INFORMATION SHOWN:
________________

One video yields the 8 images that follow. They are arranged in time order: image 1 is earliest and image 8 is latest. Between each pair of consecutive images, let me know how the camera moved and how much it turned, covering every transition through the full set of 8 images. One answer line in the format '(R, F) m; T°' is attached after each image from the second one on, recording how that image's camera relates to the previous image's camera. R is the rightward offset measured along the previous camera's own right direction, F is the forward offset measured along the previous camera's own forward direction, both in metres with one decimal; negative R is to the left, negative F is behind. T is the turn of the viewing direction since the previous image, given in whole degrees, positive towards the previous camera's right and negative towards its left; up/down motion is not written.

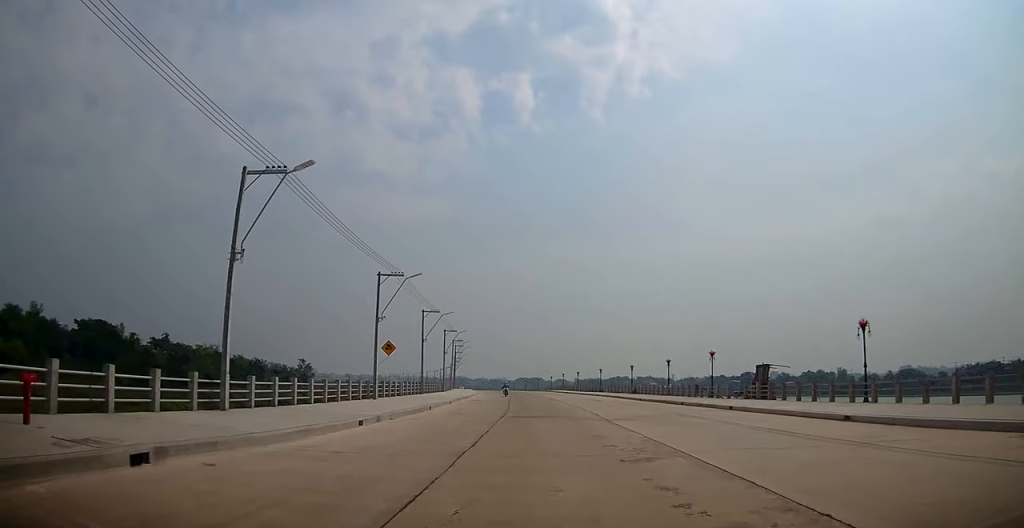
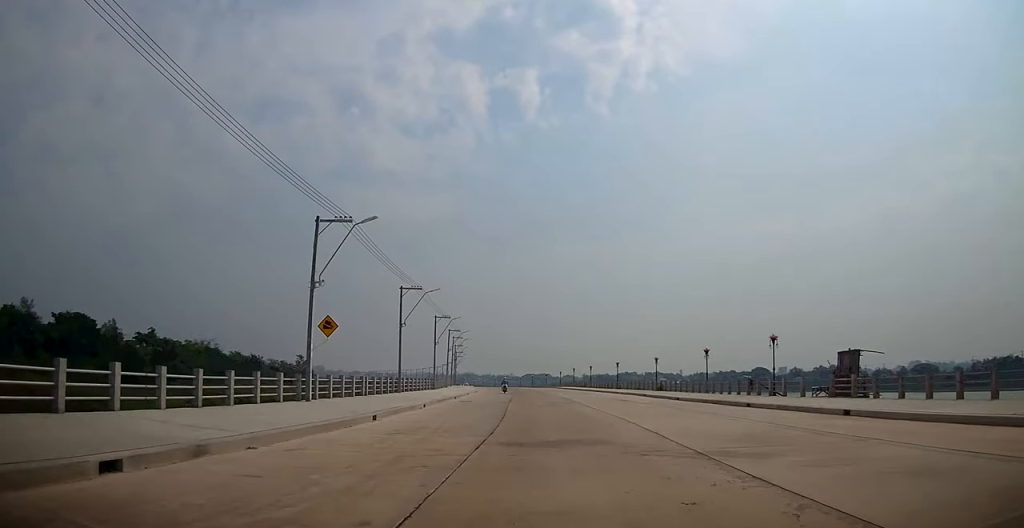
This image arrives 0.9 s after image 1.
(+0.1, +10.2) m; 0°
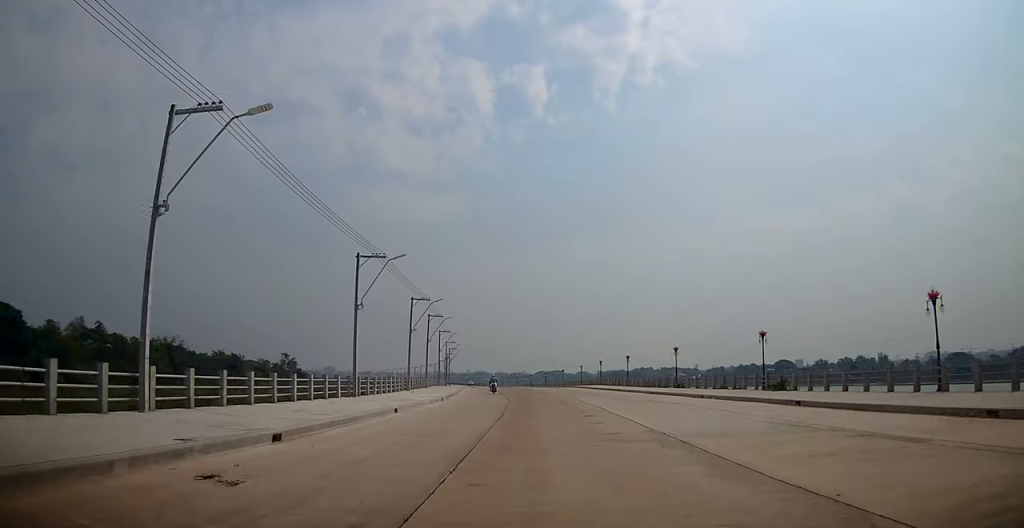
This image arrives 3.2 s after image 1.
(-1.3, +25.9) m; -4°
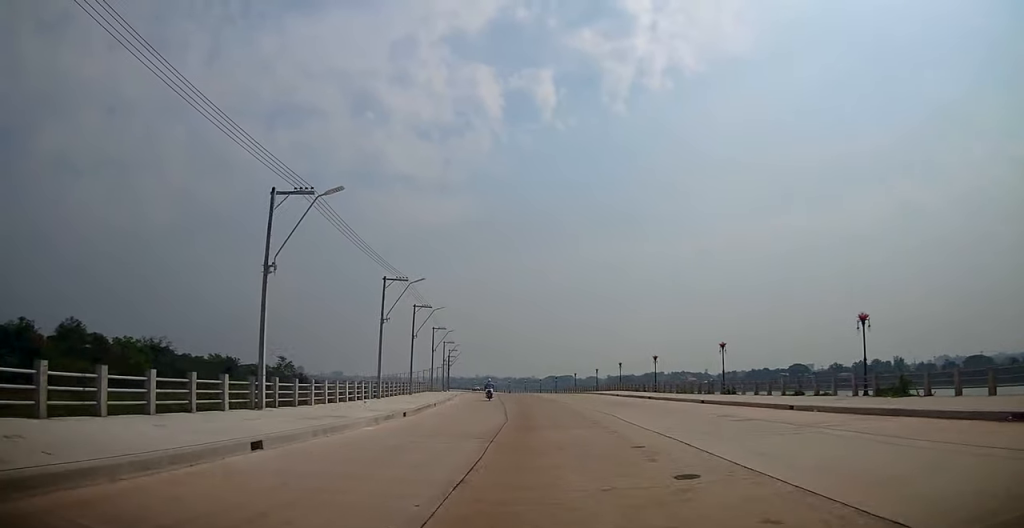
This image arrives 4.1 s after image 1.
(+0.4, +10.5) m; +2°
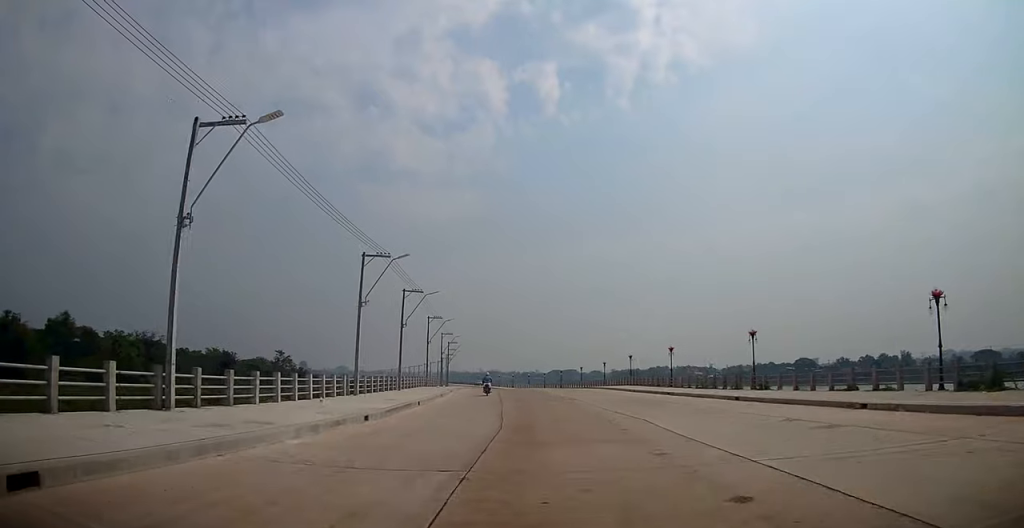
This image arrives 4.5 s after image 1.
(0.0, +5.0) m; +1°
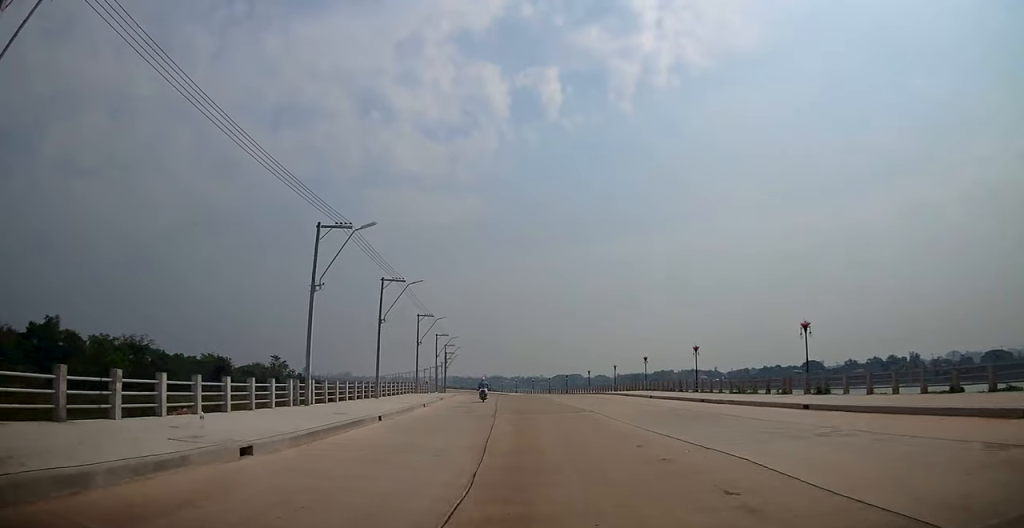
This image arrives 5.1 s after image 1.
(-0.1, +6.8) m; 0°
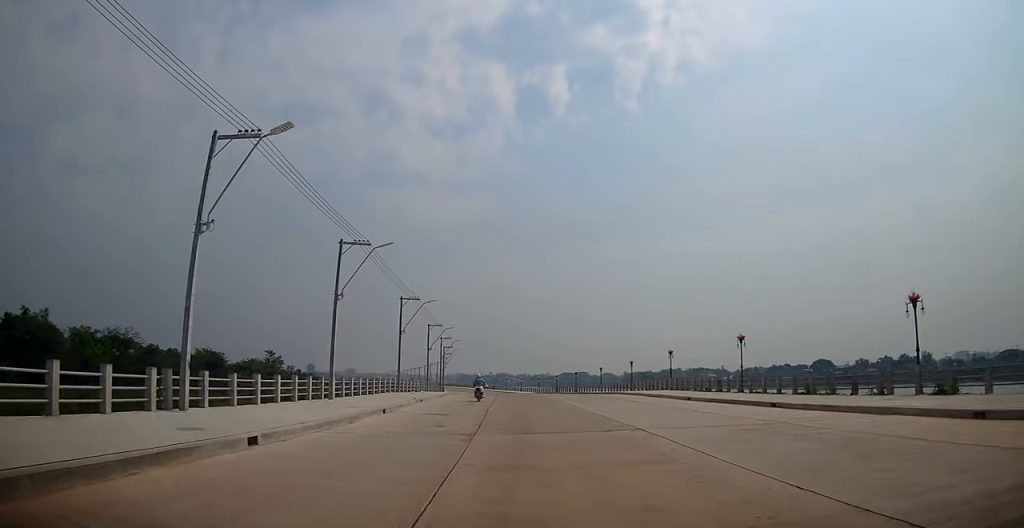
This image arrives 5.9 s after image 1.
(+0.1, +8.7) m; 0°
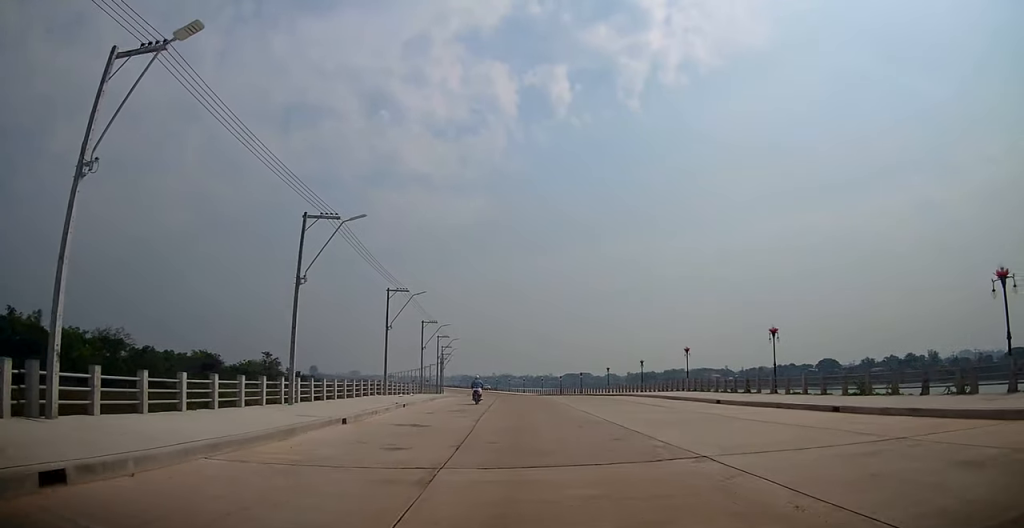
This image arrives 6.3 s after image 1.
(+0.1, +4.8) m; 0°

________________

ASSIGNMENT:
Only the lines from the one with "This image arrives 4.1 s after image 1." to the end of the listing, both ends included, should be retyped exactly; no pictures belong in the copy.

ANSWER TO THIS EXERCISE:
This image arrives 4.1 s after image 1.
(+0.4, +10.5) m; +2°
This image arrives 4.5 s after image 1.
(0.0, +5.0) m; +1°
This image arrives 5.1 s after image 1.
(-0.1, +6.8) m; 0°
This image arrives 5.9 s after image 1.
(+0.1, +8.7) m; 0°
This image arrives 6.3 s after image 1.
(+0.1, +4.8) m; 0°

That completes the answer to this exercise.